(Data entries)

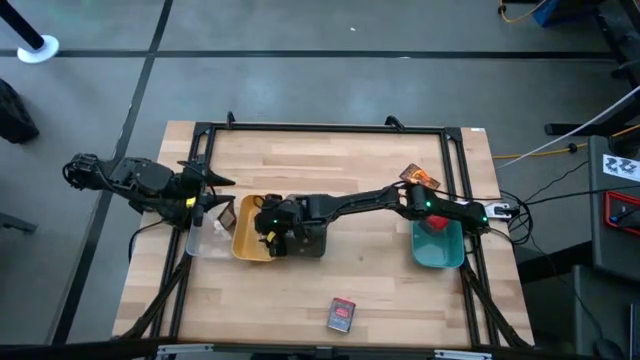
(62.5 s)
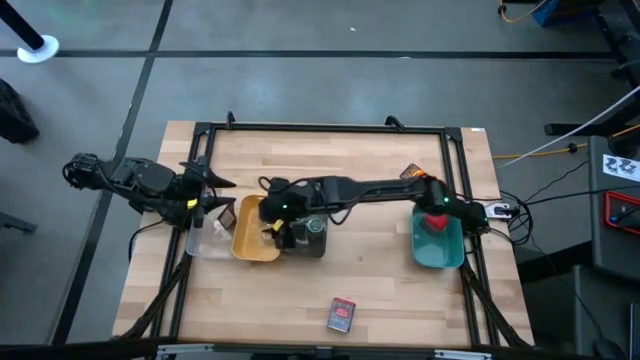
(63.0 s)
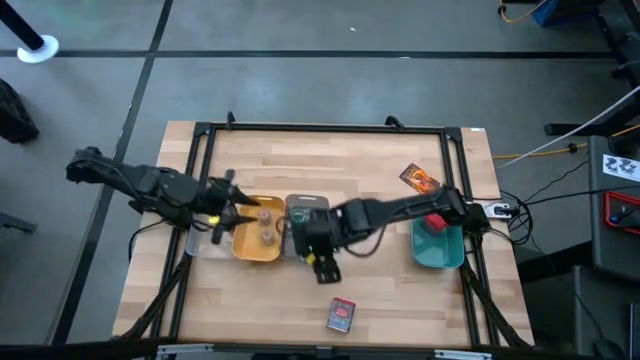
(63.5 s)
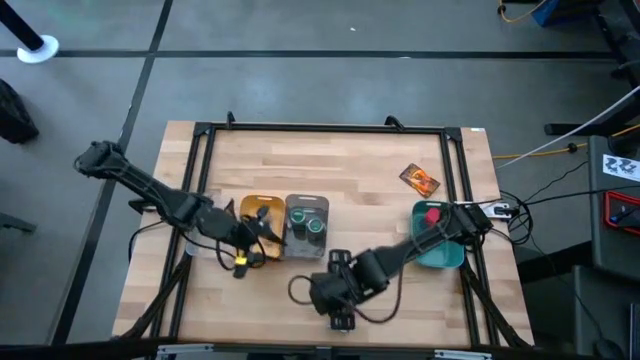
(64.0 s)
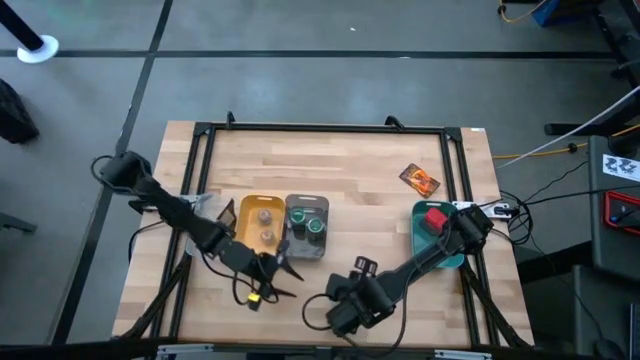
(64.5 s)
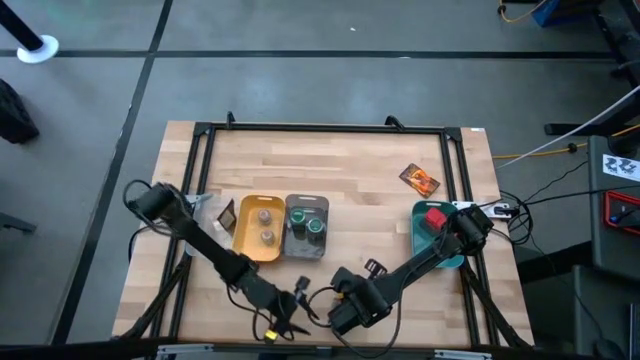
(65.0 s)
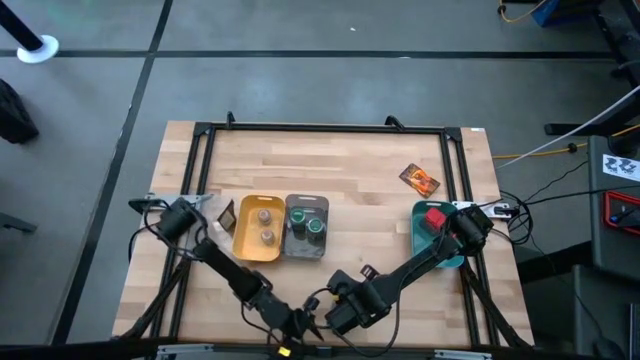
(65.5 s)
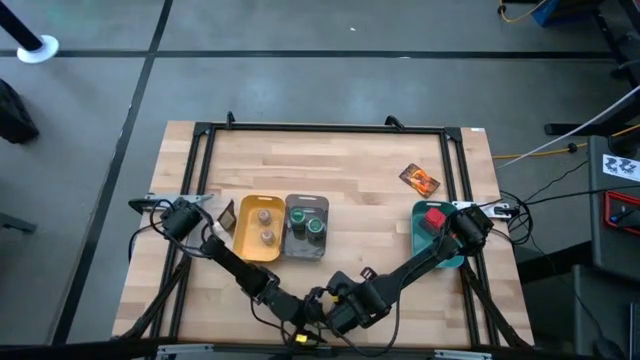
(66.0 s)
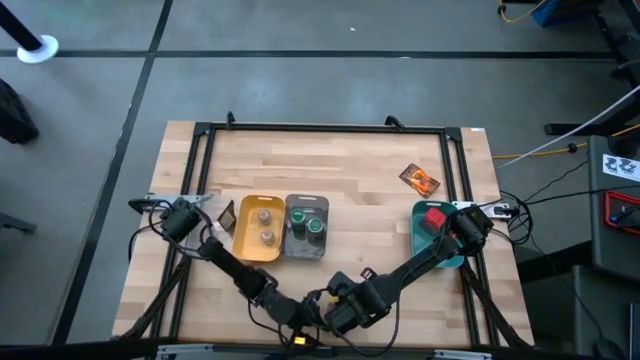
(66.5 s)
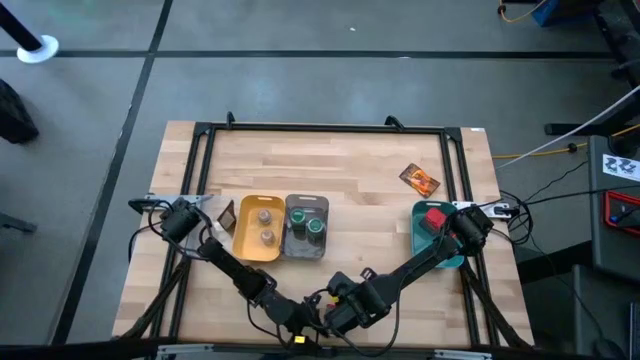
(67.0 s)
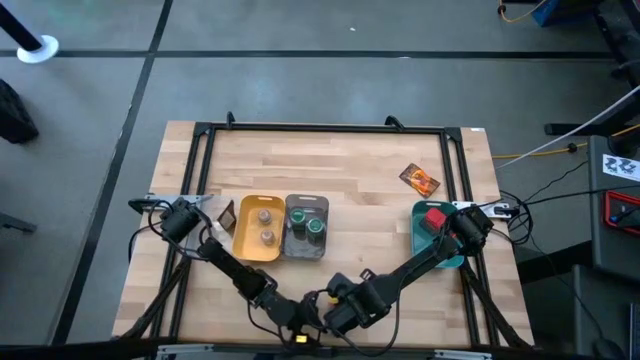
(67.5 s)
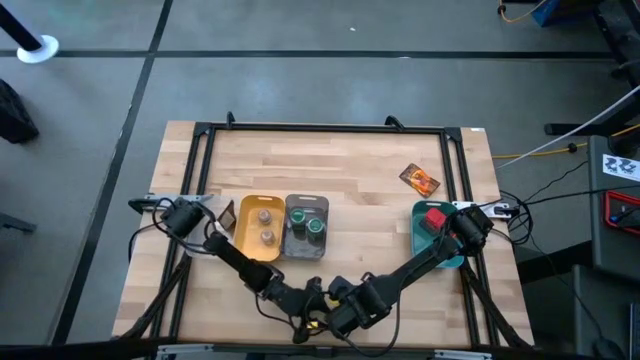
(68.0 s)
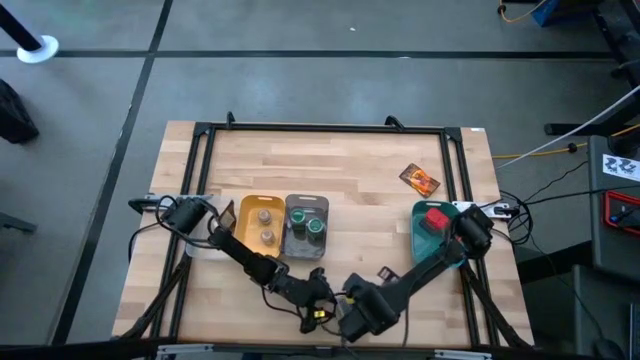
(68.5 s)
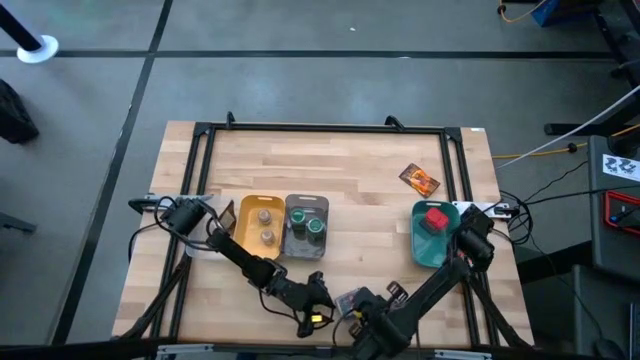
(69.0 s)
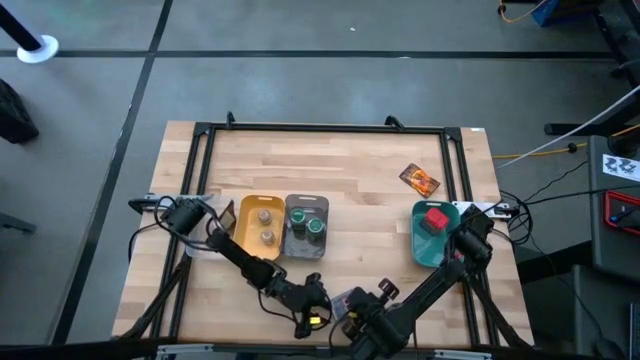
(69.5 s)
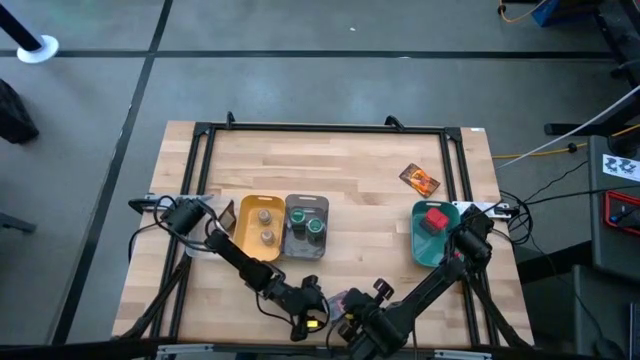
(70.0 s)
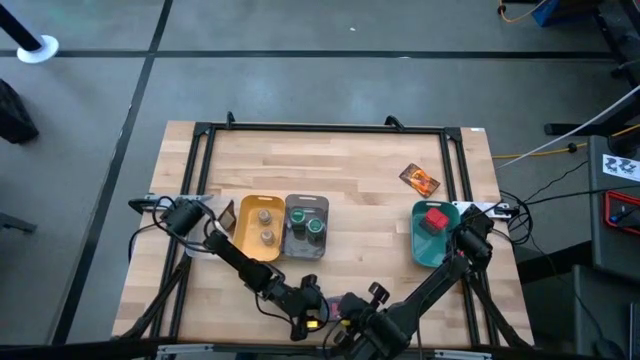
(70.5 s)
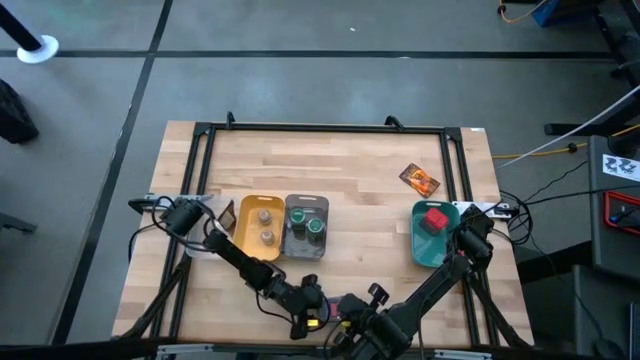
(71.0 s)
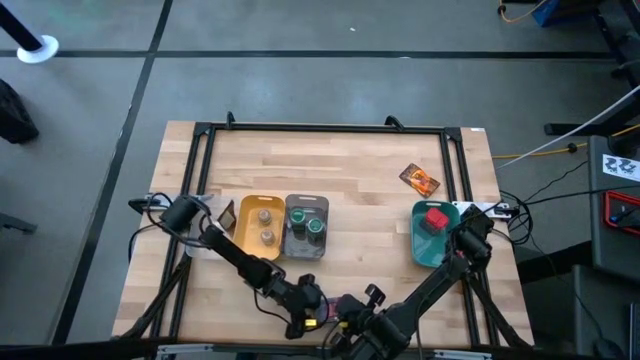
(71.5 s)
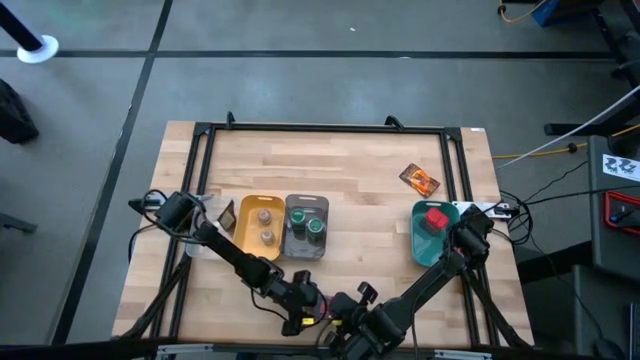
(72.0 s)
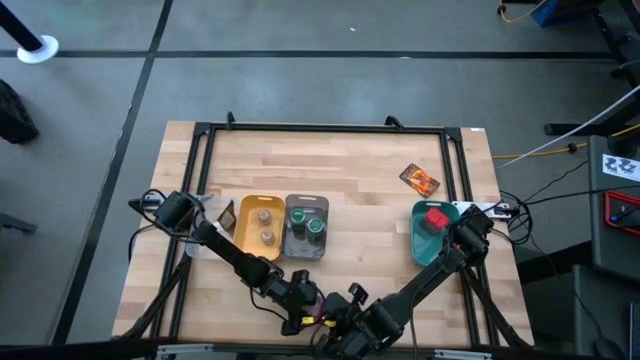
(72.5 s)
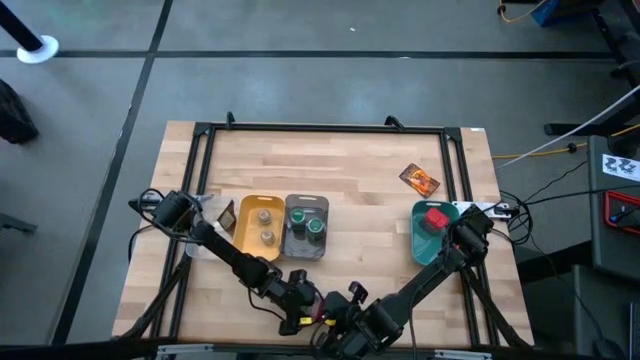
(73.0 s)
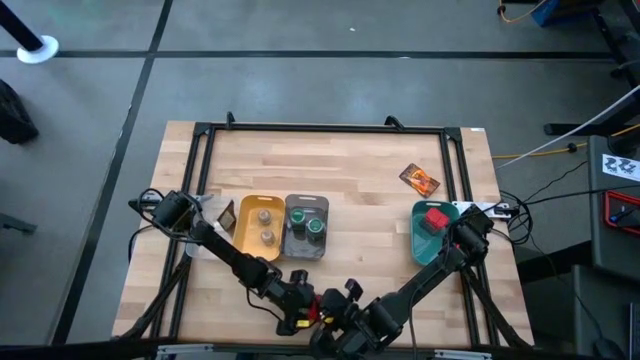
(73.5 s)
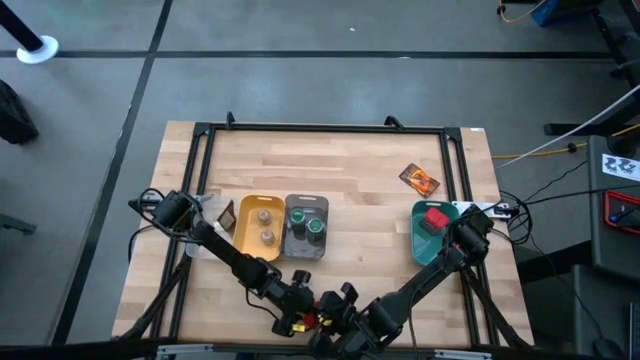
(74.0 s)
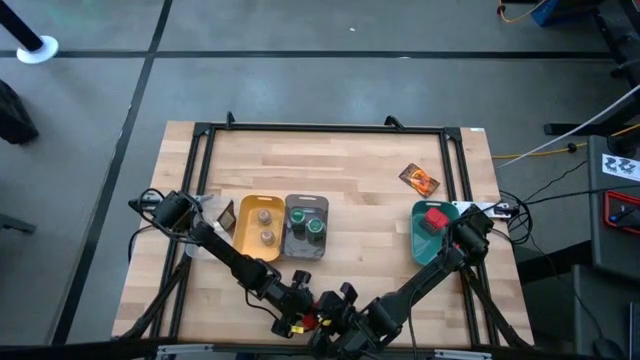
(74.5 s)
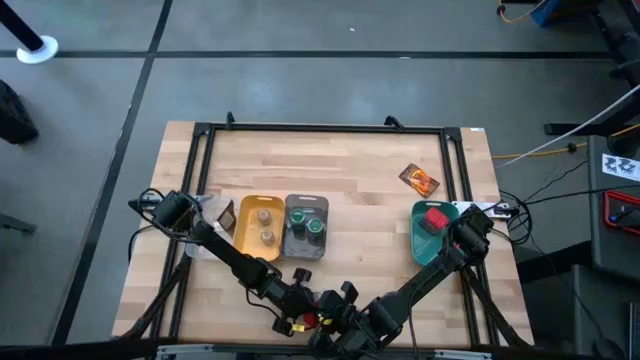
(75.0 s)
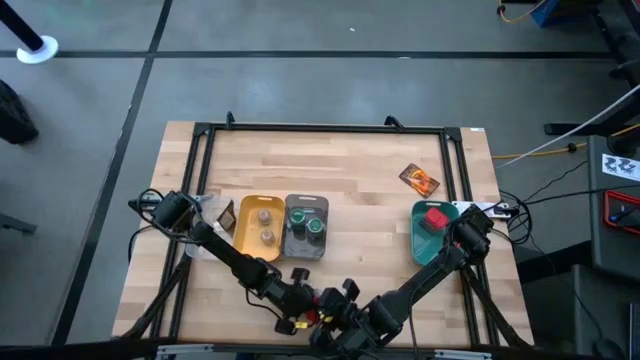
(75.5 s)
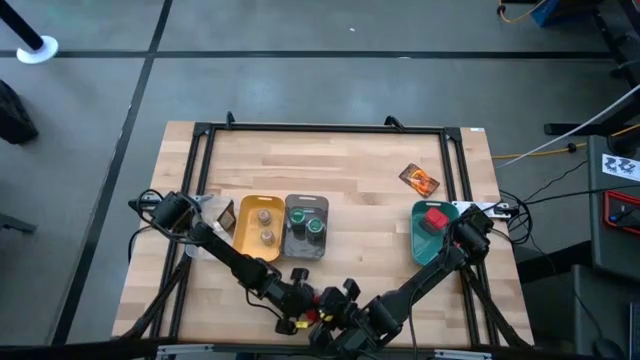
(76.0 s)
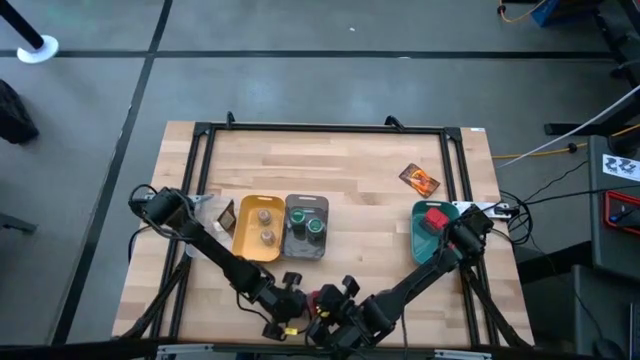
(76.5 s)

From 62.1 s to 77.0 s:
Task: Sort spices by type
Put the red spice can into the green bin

#### YOUR ASSIGNMENT
Write out each entry exactly as given, but skip the pictures.

#### EXERCISE RESPONSE
(62.5 s)
(63.0 s)
(63.5 s)
(64.0 s)
(64.5 s)
(65.0 s)
(65.5 s)
(66.0 s)
(66.5 s)
(67.0 s)
(67.5 s)
(68.0 s)
(68.5 s)
(69.0 s)
(69.5 s)
(70.0 s)
(70.5 s)
(71.0 s)
(71.5 s)
(72.0 s)
(72.5 s)
(73.0 s)
(73.5 s)
(74.0 s)
(74.5 s)
(75.0 s)
(75.5 s)
(76.0 s)
(76.5 s)

From 62.1 s to 77.0 s:
Task: Sort spices by type
Put the red spice can into the green bin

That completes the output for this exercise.